Generates data from a causal graph based on a detailed configuration.

This class is designed to be flexible, allowing for the specification of graph structures, variable types, functional relationships, and noise distributions through a single configuration object. It supports both random parameter generation and hardcoded parameters for reproducible experiments.

Parameters:: config (dict[str, Any])

simulate()¶

Run the full simulation pipeline and return generated artifacts.

Returns:

Dictionary with:

"data": pandas DataFrame with one column per node.
"parametrization": dict containing all resolved parameters (including sampled defaults) used for generation.
"dag": networkx.DiGraph aligned to the dataframe column order.
"ci_oracle" (optional): list of d-separation records when simulation_params.store_ci_oracle is enabled.

Return type:

dict[str, Any]

dagsampler.indep_config(var_specs=None, n_samples=100, seed=None, force_uniform=True, force_uniform_marginals=None, n_vars=None, node_type='binary', cardinality=2, prefix='X')¶

Backward-compatible shorthand for independent-node configurations.

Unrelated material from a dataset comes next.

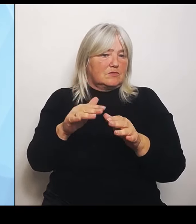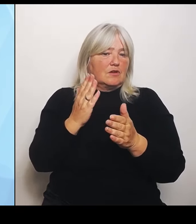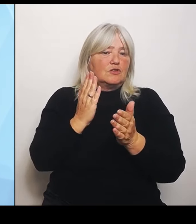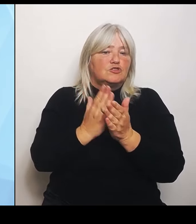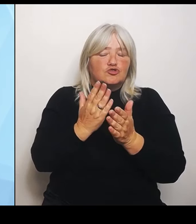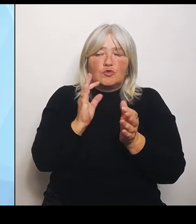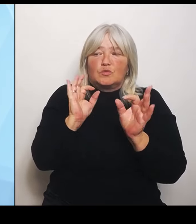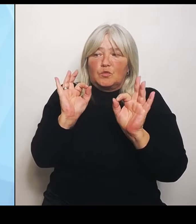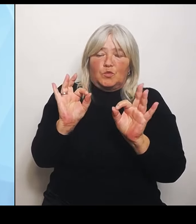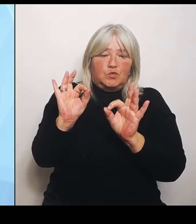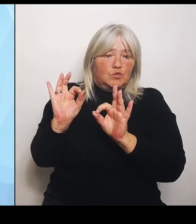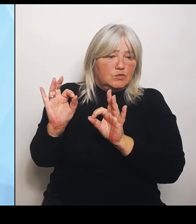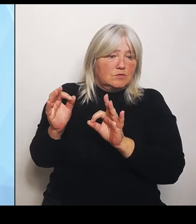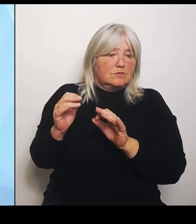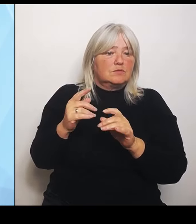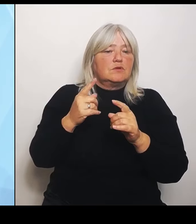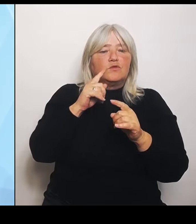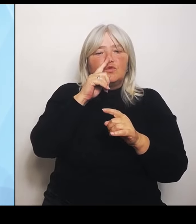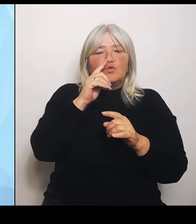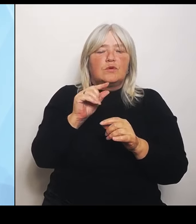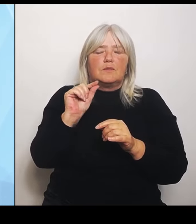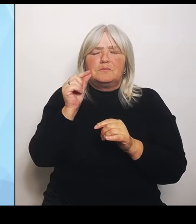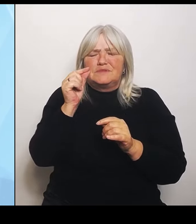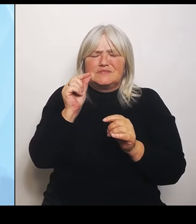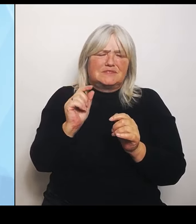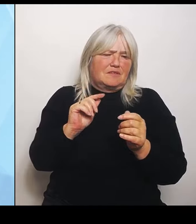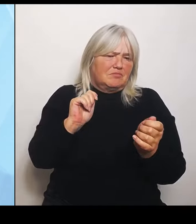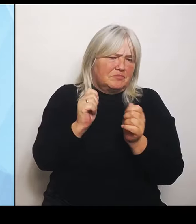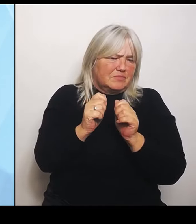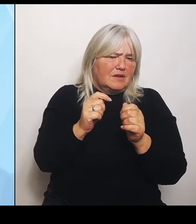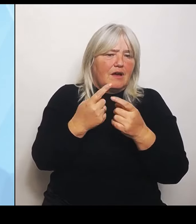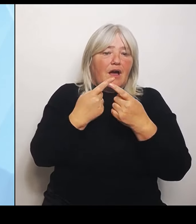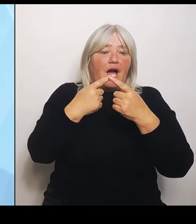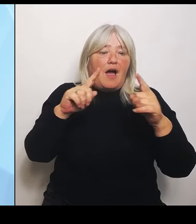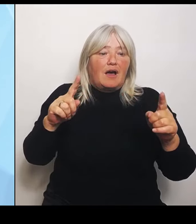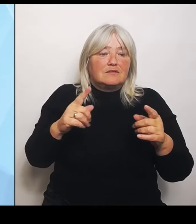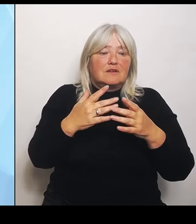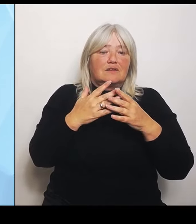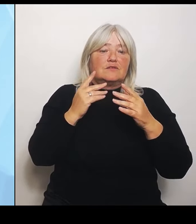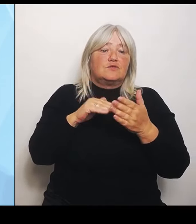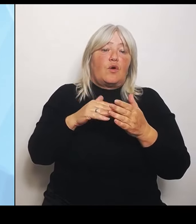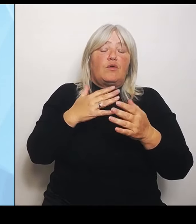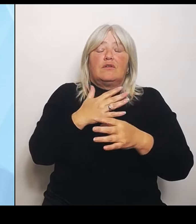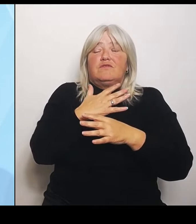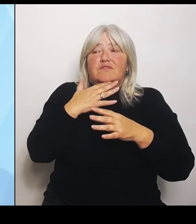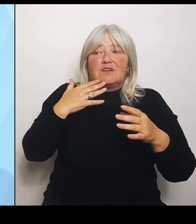In anderen Bereichen muss noch viel großflächiger etwas getan werden. Einige haben schon ein Gutachten gemacht, andere brauchen

If var_specs is omitted, generate n_vars variables of node_type (default: binary) named {prefix}0..{prefix}{n_vars-1}.

Parameters:

var_specs (list[dict[str, Any]] | None)
n_samples (int)
seed (int | dict[str, int] | None)
force_uniform (bool)
force_uniform_marginals (bool | None)
n_vars (int | None)
node_type (str)
cardinality (int)
prefix (str)

Return type:

dict[str, Any]

dagsampler.independence_config(var_specs, n_samples, seed=None, force_uniform=True)¶

Build a config with no edges; every node is exogenous.

Parameters:

var_specs (list[dict[str, Any]]) – List of node specs {"name", "type", optionally "cardinality"}. type is one of "continuous", "binary", "categorical"; cardinality defaults to 3 for categorical.
n_samples (int) – Number of rows to generate.
seed (int | dict[str, int] | None) – int (sets both seed_structure and seed_data) or {"structure": int, "data": int}.
force_uniform (bool) – Passed as force_uniform_marginals in simulation_params; when True, exogenous binary nodes get an exact 50/50 split and exogenous categorical nodes get equal class counts.

Return type:

dict[str, Any]

dagsampler.chain_config(var_specs, mechanism, n_samples, seed=None, post_transform=None)¶

Build a chain config: var_specs[0] -> var_specs[1] -> ... -> var_specs[-1].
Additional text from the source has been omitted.